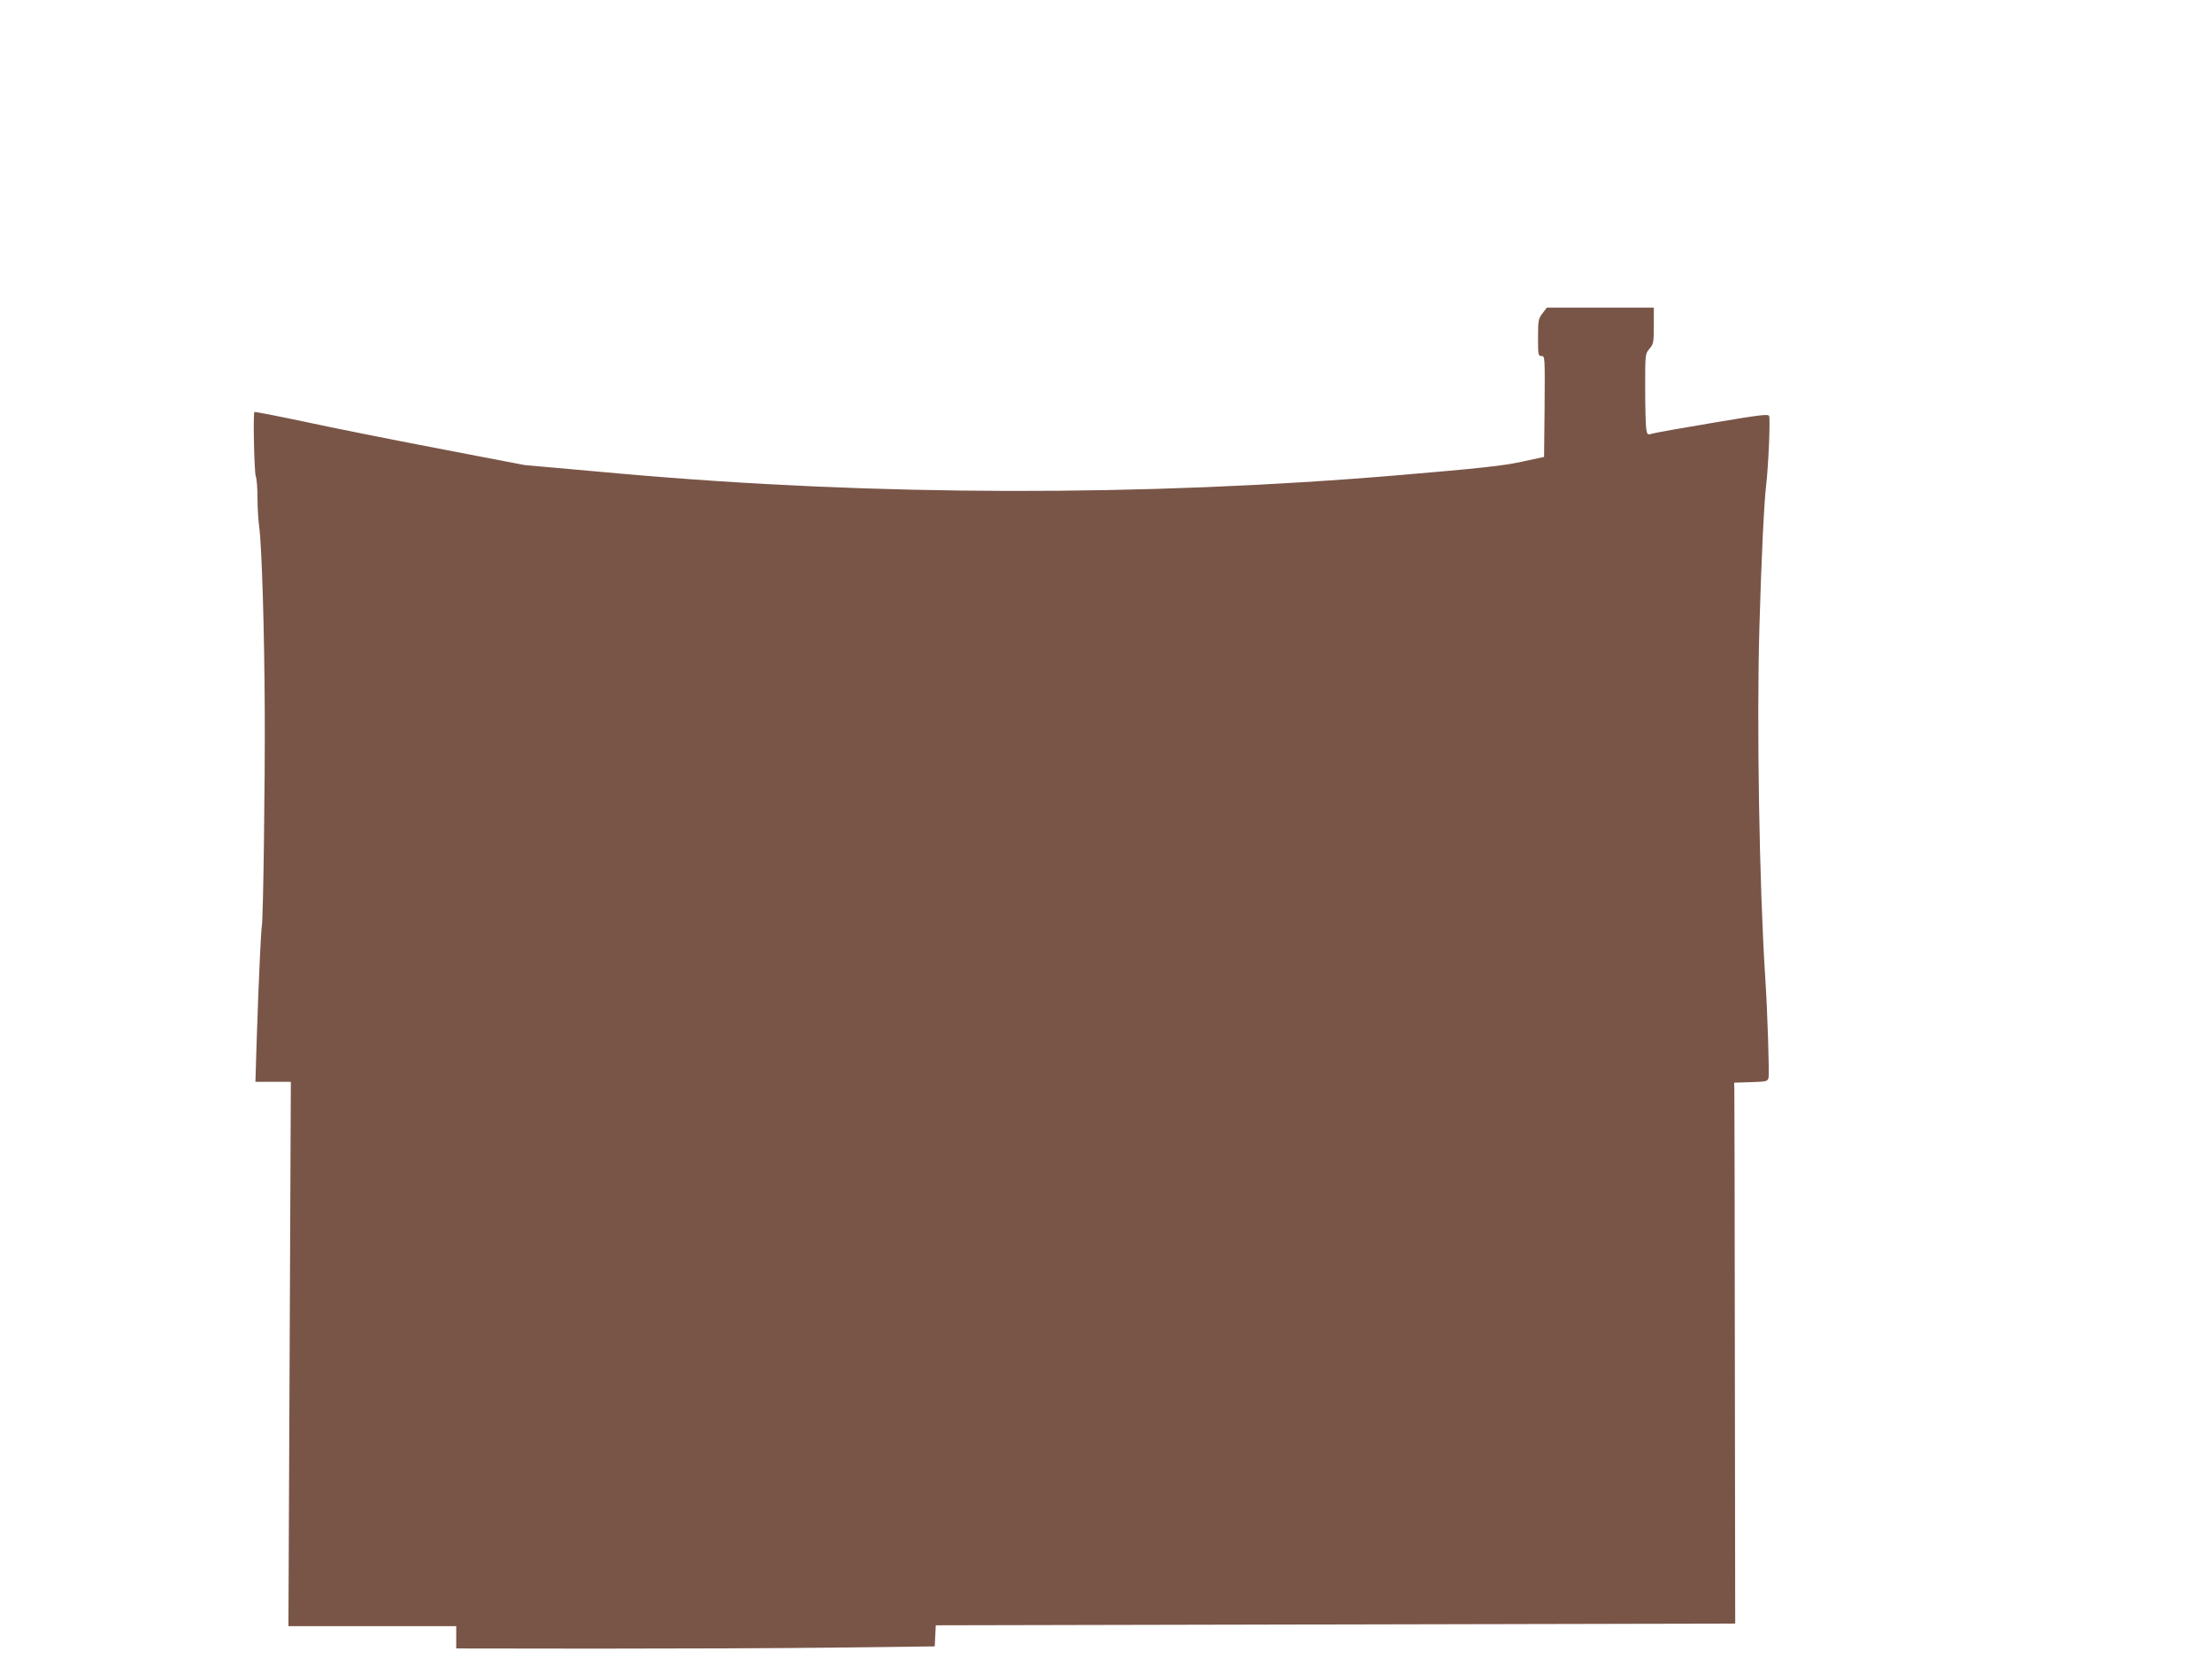 <?xml version="1.0" standalone="no"?>
<!DOCTYPE svg PUBLIC "-//W3C//DTD SVG 20010904//EN"
 "http://www.w3.org/TR/2001/REC-SVG-20010904/DTD/svg10.dtd">
<svg version="1.0" xmlns="http://www.w3.org/2000/svg"
 width="1280pt" height="960pt" viewBox="0 0 1280 960"
 preserveAspectRatio="xMidYMid meet">
<g transform="translate(0,960) scale(0.1,-0.1)"
fill="#795548" stroke="none">
<path d="M8926 7787 c-24 -31 -26 -42 -26 -140 0 -101 1 -107 20 -107 20 0 20
-5 18 -292 l-3 -292 -130 -28 c-104 -23 -243 -38 -715 -78 -1473 -124 -3027
-121 -4495 9 l-560 50 -495 95 c-272 52 -623 122 -779 156 -156 33 -286 58
-289 56 -8 -9 -1 -347 8 -372 6 -14 10 -71 10 -127 0 -56 5 -131 10 -167 15
-109 30 -601 32 -1065 2 -419 -9 -1213 -17 -1245 -2 -8 -7 -89 -11 -180 -10
-220 -10 -230 -19 -492 l-7 -228 103 0 102 0 -7 -1575 -7 -1575 485 0 486 0 0
-64 0 -65 808 -1 c444 0 1067 2 1384 6 l577 7 3 61 3 61 2313 5 2313 5 -2
1520 c-1 836 -2 1540 -3 1565 l-1 45 97 3 c91 3 96 4 102 26 5 22 -6 380 -19
576 -35 539 -50 1477 -34 2030 11 392 27 721 39 822 13 109 25 382 17 401 -4
12 -56 6 -321 -39 -174 -29 -331 -57 -350 -62 -33 -10 -34 -9 -40 27 -3 20 -6
125 -6 235 0 197 0 198 25 228 23 27 25 37 25 134 l0 104 -309 0 -310 0 -25
-33z"/>
</g>
</svg>

-- -- --

• What to work on: Please print the entries shown above again, exactly, and skip the pictures.

• Written response:
 <?xml version="1.0" standalone="no"?>
<!DOCTYPE svg PUBLIC "-//W3C//DTD SVG 20010904//EN"
 "http://www.w3.org/TR/2001/REC-SVG-20010904/DTD/svg10.dtd">
<svg version="1.0" xmlns="http://www.w3.org/2000/svg"
 width="1280pt" height="960pt" viewBox="0 0 1280 960"
 preserveAspectRatio="xMidYMid meet">
<g transform="translate(0,960) scale(0.1,-0.1)"
fill="#795548" stroke="none">
<path d="M8926 7787 c-24 -31 -26 -42 -26 -140 0 -101 1 -107 20 -107 20 0 20
-5 18 -292 l-3 -292 -130 -28 c-104 -23 -243 -38 -715 -78 -1473 -124 -3027
-121 -4495 9 l-560 50 -495 95 c-272 52 -623 122 -779 156 -156 33 -286 58
-289 56 -8 -9 -1 -347 8 -372 6 -14 10 -71 10 -127 0 -56 5 -131 10 -167 15
-109 30 -601 32 -1065 2 -419 -9 -1213 -17 -1245 -2 -8 -7 -89 -11 -180 -10
-220 -10 -230 -19 -492 l-7 -228 103 0 102 0 -7 -1575 -7 -1575 485 0 486 0 0
-64 0 -65 808 -1 c444 0 1067 2 1384 6 l577 7 3 61 3 61 2313 5 2313 5 -2
1520 c-1 836 -2 1540 -3 1565 l-1 45 97 3 c91 3 96 4 102 26 5 22 -6 380 -19
576 -35 539 -50 1477 -34 2030 11 392 27 721 39 822 13 109 25 382 17 401 -4
12 -56 6 -321 -39 -174 -29 -331 -57 -350 -62 -33 -10 -34 -9 -40 27 -3 20 -6
125 -6 235 0 197 0 198 25 228 23 27 25 37 25 134 l0 104 -309 0 -310 0 -25
-33z"/>
</g>
</svg>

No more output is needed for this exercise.